Random Matrix Theory is one of the most active areas of research in contemporary probability theory. It is a beautiful blend of algebra and probability which enjoys striking connections with many other fields, including combinatorics, number theory, physics, statistics, and something called “data science.” Strangely, RMT makes no use of characteristic functions – I am not aware of a single textbook on random matrices which even defines the characteristic function of a random matrix, despite the fact that this is simply a special case of the above construction.

To be concrete, let us take $\mathbb{H}$ to be the real vector space of $N \times N$ Hermitian matrices equipped with the scalar product

$\langle X,Y \rangle = \mathrm{Tr}\, XY,$

where $\mathrm{Tr}$ denotes the standard matrix trace.

Problem 1.2. Prove that the above really does define a scalar product on the space of Hermitian matrices, and write down an orthonormal basis.
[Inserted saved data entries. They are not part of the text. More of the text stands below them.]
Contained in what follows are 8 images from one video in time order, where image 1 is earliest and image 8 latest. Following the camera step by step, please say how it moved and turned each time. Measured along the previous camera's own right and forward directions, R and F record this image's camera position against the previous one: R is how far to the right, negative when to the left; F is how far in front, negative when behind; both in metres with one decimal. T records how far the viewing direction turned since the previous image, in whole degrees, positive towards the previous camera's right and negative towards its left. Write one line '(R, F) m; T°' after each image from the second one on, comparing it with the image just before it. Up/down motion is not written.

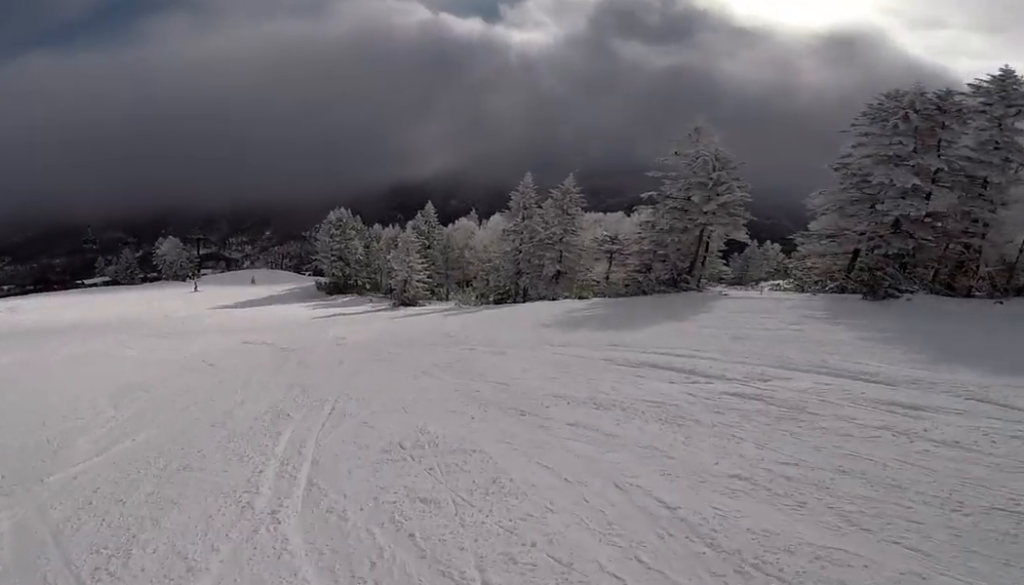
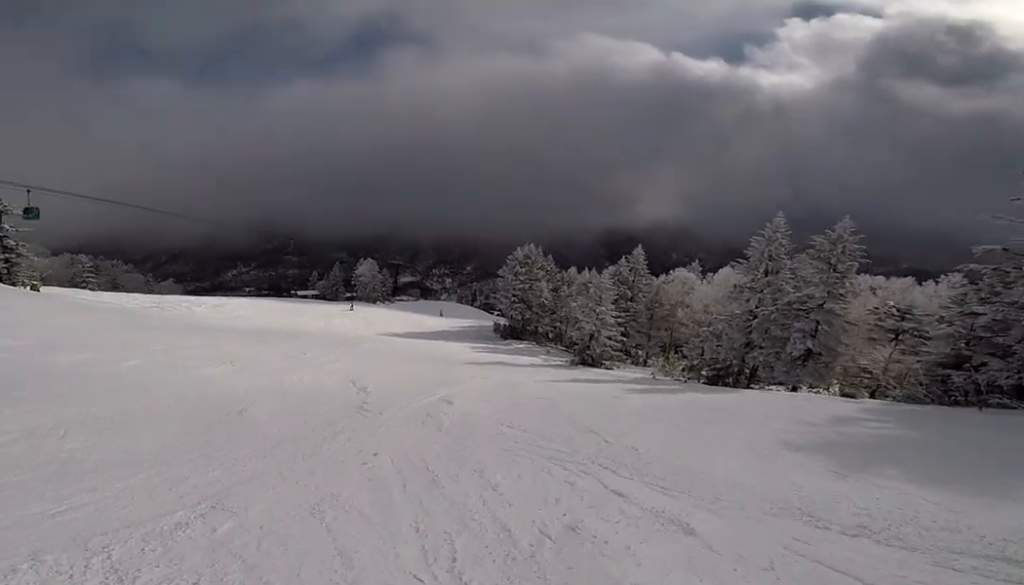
(-0.2, +4.7) m; -20°
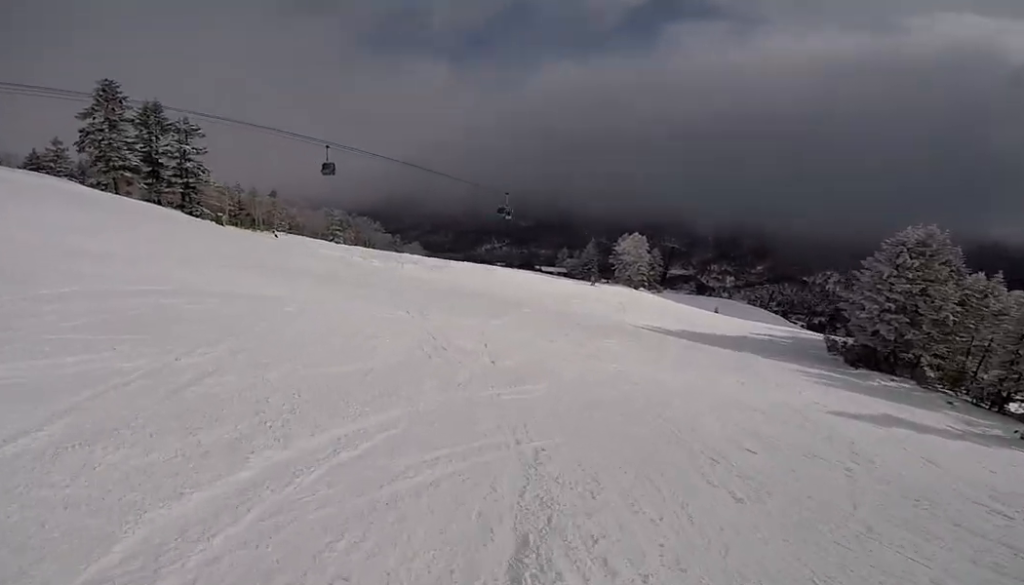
(-5.4, +9.8) m; -38°
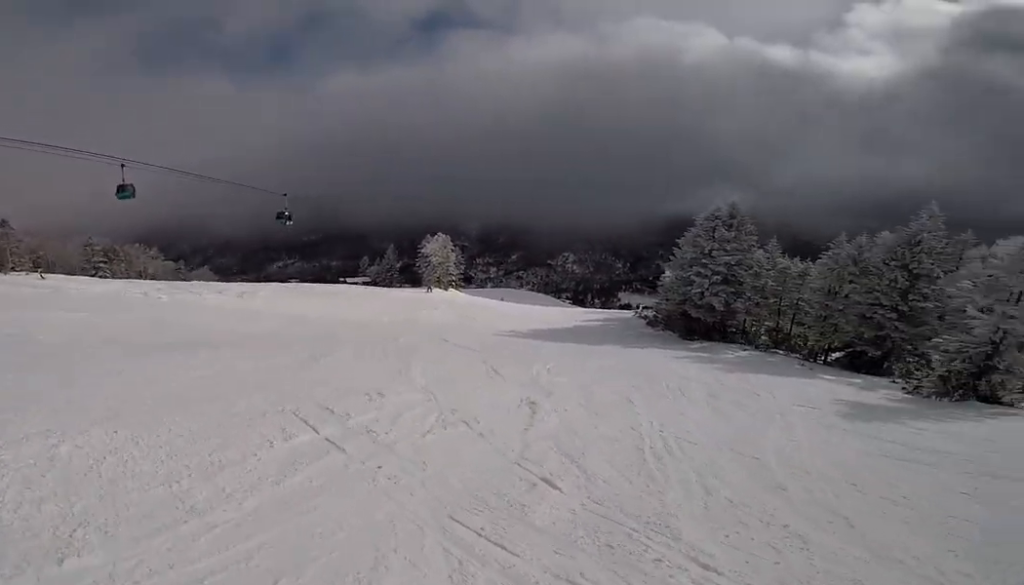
(+1.0, +7.8) m; +19°
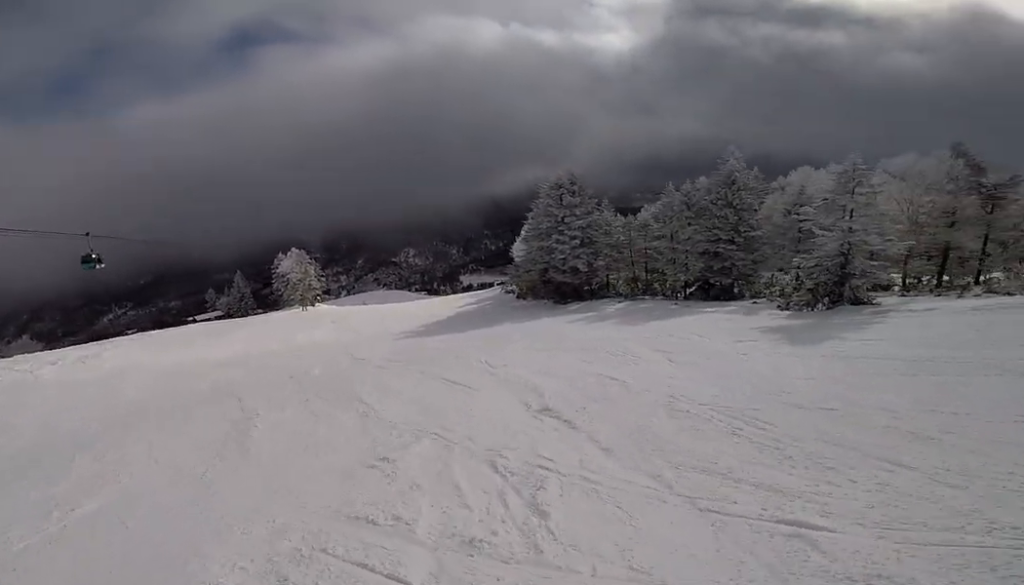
(+0.4, +3.6) m; +10°
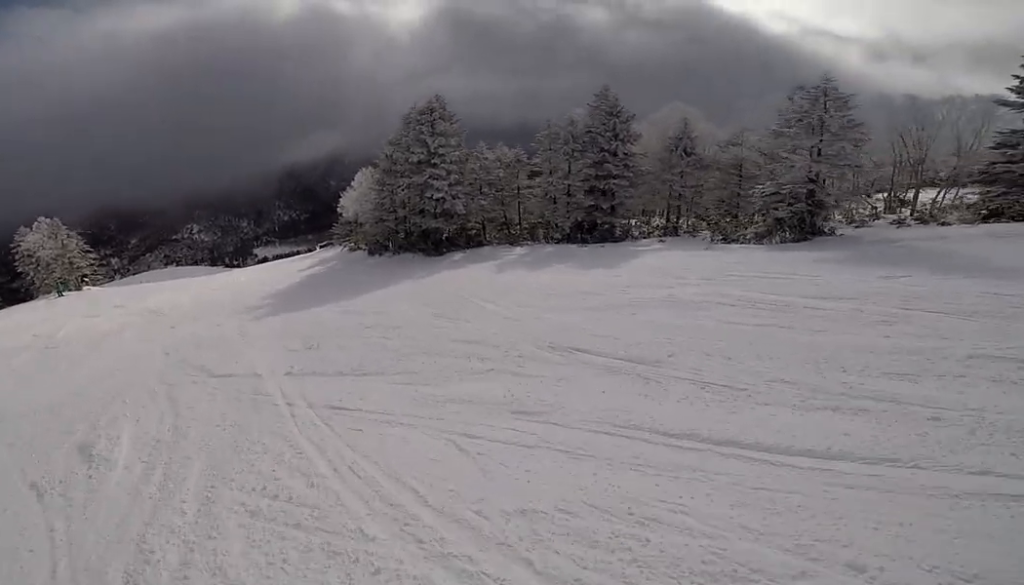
(+2.6, +10.0) m; +33°
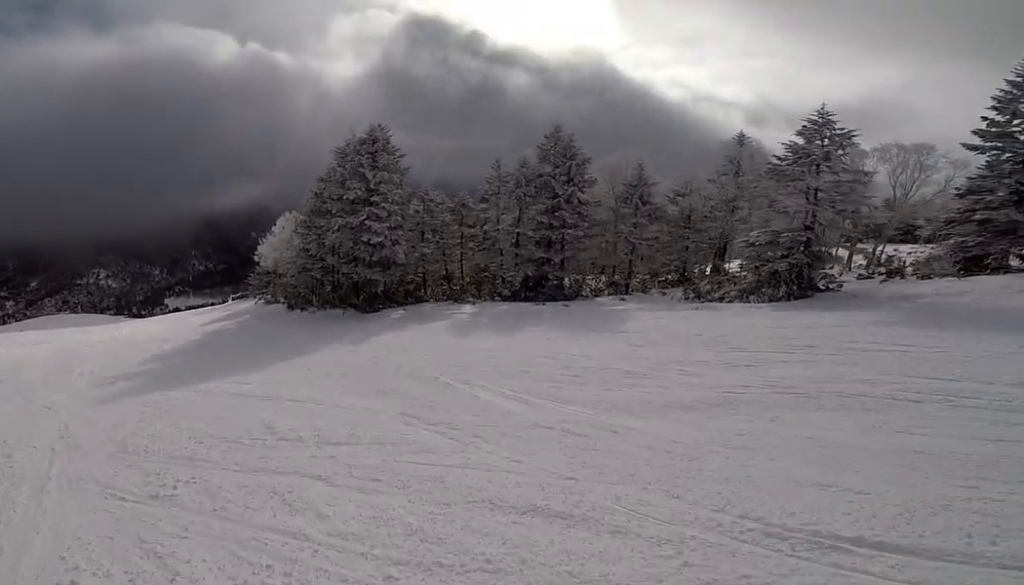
(+0.6, +4.6) m; +4°
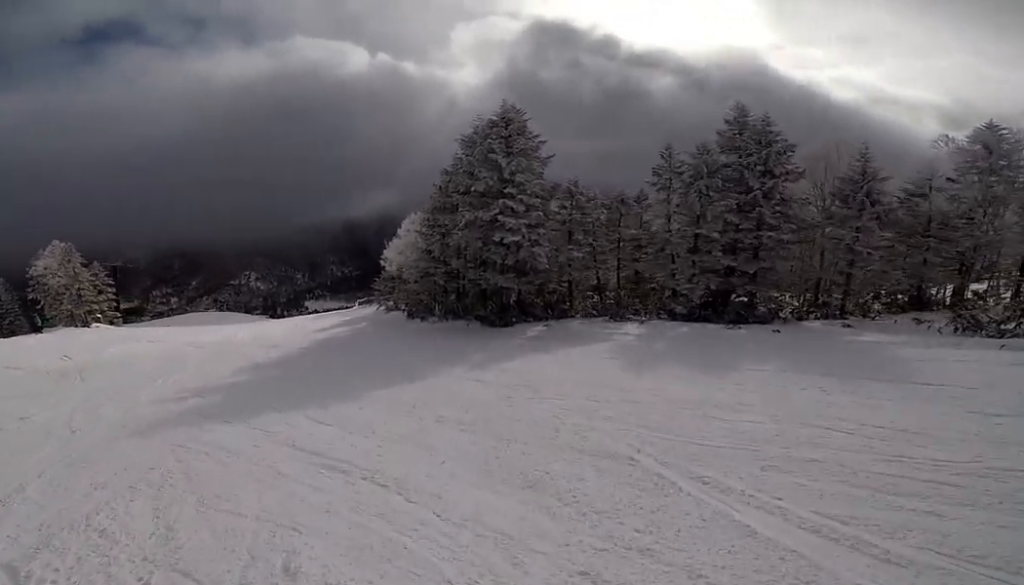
(+0.5, +3.5) m; -4°

Everything we have said so far about random variables taking values in a general Euclidean space $\mathbb{L}$ is perfectly valid in the special case where $\mathbb{L}=\mathbb{H}.$ Thus, there is no definitional obstruction to analyzing a random variable $X$ taking values in $\mathbb{H}$ via its characteristic function $\varphi_X.$ But there is a conceptual issue: random matrices are random variables which lead not just a triple life, but a quadruple life. More precisely, a random Hermitian matrix $X$ has associated to it not just a measure $\mu_X$ and a function $\varphi_X,$ but also an operator $L_X$ defined by matrix multiplication

$L_X(v) = Xv, \quad v \in \mathbb{C}^N.$

The random operator $L_X$ is a geometric object, a random linear transformation of $\mathbb{C}^N,$ and as such has geometric invariants such as eigenvalues and eigenvectors.

The statistical behavior of the geometric invariants of $L_X$ is encoded in the characteristic function $\varphi_X$ of its matrix $X$ . However, the characteristic function “sees” $X$ as a random vector in the $N^2$ -dimensional Euclidean space $\mathbb{H},$ not as a random operator on the $N$ -dimensional Hilbert space $\mathbb{C}^N,$ and the question of how to extract geometric information from $\varphi_X$ does not have an obvious or easy answer. Because of this, researchers in random matrix theory long ago abandoned characteristic functions. The subject has developed its own specific tools which have been very successful but have also distanced it from other parts of probability theory.

In recent years the question of whether a Fourier-analytic approach to random matrices might be possible after all has begun to be reconsidered. I do not claim to have a satisfactory answer to this question, but we will explore it in this topics course and perhaps see the beginnings of an answer. To get the most out of this endeavor, it would be best to absorb the standard approach to random matrix theory at the same time. The course notes by Todd Kemp and Terence Tao are both excellent resources which are freely available online.